To be "like the Gods" isn't what we are hungry for; to be our true selves and loved by God is what we are most desirous of. Of a truth of irony, the more like our true selves (that God endeavors to make of us) we become, the more "like the Gods" we become.

God called himself, "I AM that I AM", and many of us when alone and meditating on our own consciousness have had that odd shattering experience of experiencing our own total"I AM" ness, a sense of our total soulishness, a sense that the universe could have existed with out us..yet here we are! We are most like the image of God in this respect, in that we have this consciousness of self(I AM'ness) distinct from all else around us.
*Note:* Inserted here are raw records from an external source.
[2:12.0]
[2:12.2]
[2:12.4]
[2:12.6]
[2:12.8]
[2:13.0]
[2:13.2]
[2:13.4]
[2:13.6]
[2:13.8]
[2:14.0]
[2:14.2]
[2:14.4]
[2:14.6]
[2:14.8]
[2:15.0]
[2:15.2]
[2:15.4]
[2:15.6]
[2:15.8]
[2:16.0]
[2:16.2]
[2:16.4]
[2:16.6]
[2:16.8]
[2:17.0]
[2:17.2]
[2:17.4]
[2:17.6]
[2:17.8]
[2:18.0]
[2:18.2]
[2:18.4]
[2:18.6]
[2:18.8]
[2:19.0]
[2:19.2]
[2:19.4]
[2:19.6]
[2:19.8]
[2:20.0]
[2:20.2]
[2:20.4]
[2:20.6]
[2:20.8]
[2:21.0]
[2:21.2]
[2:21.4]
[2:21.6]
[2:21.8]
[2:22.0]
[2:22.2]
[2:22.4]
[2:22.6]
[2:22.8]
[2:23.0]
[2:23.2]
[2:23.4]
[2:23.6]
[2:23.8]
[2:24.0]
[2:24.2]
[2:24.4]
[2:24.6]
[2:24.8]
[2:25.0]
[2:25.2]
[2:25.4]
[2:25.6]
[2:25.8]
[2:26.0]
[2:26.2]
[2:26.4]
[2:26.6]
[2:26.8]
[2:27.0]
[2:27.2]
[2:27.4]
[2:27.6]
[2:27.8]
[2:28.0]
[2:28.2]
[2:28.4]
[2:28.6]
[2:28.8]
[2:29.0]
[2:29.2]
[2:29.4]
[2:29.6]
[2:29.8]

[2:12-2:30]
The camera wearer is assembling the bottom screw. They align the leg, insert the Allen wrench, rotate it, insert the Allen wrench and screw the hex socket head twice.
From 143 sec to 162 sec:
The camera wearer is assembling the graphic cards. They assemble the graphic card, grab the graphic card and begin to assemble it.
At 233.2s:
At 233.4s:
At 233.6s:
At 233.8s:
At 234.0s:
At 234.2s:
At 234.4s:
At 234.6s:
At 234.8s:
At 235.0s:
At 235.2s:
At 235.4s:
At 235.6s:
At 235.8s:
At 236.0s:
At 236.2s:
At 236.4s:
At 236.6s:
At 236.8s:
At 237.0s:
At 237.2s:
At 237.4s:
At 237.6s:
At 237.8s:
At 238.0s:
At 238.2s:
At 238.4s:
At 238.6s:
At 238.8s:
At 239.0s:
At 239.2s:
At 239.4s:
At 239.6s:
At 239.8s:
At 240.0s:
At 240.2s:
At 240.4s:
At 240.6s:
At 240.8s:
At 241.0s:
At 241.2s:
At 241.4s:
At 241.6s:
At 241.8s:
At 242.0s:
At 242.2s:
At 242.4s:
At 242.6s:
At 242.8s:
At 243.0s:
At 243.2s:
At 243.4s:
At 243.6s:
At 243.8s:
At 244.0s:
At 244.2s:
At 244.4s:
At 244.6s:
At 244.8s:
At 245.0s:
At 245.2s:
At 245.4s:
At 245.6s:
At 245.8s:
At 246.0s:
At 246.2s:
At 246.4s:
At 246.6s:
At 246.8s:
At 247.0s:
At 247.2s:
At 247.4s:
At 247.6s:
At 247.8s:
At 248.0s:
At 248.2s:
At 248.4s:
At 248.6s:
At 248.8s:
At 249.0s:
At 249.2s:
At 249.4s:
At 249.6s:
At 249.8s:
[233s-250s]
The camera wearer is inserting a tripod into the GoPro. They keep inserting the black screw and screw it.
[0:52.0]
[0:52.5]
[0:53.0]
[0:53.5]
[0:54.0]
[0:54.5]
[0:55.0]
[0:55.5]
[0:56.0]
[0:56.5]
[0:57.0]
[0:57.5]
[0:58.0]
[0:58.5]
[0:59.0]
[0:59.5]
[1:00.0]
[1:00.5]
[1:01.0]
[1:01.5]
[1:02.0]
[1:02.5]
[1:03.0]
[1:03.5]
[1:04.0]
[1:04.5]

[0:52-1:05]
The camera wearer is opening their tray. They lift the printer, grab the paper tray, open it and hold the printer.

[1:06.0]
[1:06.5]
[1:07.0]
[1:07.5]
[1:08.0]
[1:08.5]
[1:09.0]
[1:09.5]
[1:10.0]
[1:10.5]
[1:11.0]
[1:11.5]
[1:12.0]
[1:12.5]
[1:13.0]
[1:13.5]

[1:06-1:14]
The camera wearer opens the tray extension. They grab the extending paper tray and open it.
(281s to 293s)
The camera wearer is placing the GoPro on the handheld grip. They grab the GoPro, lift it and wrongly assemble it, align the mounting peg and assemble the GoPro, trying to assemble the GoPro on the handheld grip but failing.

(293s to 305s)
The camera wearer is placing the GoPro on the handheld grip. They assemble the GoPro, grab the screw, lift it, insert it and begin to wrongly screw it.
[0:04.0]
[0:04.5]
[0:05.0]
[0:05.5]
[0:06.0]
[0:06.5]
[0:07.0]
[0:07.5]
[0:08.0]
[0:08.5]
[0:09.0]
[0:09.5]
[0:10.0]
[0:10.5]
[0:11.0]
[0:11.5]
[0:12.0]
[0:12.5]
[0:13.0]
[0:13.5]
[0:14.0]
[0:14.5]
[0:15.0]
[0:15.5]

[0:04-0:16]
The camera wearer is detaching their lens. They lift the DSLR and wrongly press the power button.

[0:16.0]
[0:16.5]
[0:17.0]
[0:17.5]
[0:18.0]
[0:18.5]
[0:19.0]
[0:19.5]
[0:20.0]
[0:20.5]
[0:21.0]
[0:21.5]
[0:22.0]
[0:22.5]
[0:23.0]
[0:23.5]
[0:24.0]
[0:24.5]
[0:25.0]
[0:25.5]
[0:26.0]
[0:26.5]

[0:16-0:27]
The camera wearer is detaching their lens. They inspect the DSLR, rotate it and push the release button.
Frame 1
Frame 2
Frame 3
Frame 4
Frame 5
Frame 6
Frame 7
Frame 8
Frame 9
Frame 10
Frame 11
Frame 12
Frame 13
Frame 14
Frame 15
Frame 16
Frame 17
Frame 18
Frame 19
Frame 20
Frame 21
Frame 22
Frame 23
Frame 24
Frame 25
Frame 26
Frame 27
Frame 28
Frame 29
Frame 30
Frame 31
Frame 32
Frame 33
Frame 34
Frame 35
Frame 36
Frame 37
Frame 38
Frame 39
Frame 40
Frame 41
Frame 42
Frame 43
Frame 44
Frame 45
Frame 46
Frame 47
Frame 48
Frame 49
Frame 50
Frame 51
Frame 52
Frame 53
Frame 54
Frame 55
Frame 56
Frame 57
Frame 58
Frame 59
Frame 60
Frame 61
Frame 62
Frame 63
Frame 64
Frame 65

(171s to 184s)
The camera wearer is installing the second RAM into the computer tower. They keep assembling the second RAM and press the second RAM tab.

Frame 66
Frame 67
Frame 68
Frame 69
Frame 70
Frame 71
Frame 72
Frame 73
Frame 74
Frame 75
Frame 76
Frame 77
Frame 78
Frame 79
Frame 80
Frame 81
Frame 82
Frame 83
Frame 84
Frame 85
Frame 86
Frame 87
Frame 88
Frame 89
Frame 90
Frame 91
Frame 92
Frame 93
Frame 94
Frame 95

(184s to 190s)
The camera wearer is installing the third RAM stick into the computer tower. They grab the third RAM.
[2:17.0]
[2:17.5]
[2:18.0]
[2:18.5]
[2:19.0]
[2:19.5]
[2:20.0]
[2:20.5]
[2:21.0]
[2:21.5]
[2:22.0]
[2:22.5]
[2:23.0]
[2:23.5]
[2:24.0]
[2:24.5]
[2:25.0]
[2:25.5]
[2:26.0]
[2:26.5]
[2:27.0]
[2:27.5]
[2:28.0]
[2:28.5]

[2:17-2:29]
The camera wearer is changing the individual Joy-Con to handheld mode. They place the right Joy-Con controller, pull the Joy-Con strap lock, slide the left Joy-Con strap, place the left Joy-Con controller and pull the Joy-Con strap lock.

Hindu's and Buddhist's would argue this is illusion, that we must seek to lose this sense of self to escape from suffering.

God however found a way, in the expression of his Godhead "BODILY", Jesus Christ, to embrace our suffering, to take human pain and loneliness into his own consciousness while expressing his spiritual compassion for us, by dying for us so that the penalty of being in violation of his eternal Tao, his Logos, his LAW, could be lifted from us. He emptied his blood, his life out for us so that we might have life. This promised life is in essense, eternal personally and integrally centered consciousness, with a glorified body incapable of sin and suffering, yet this personal centeredness for-ever being shared with God...who after all is 'All in All'!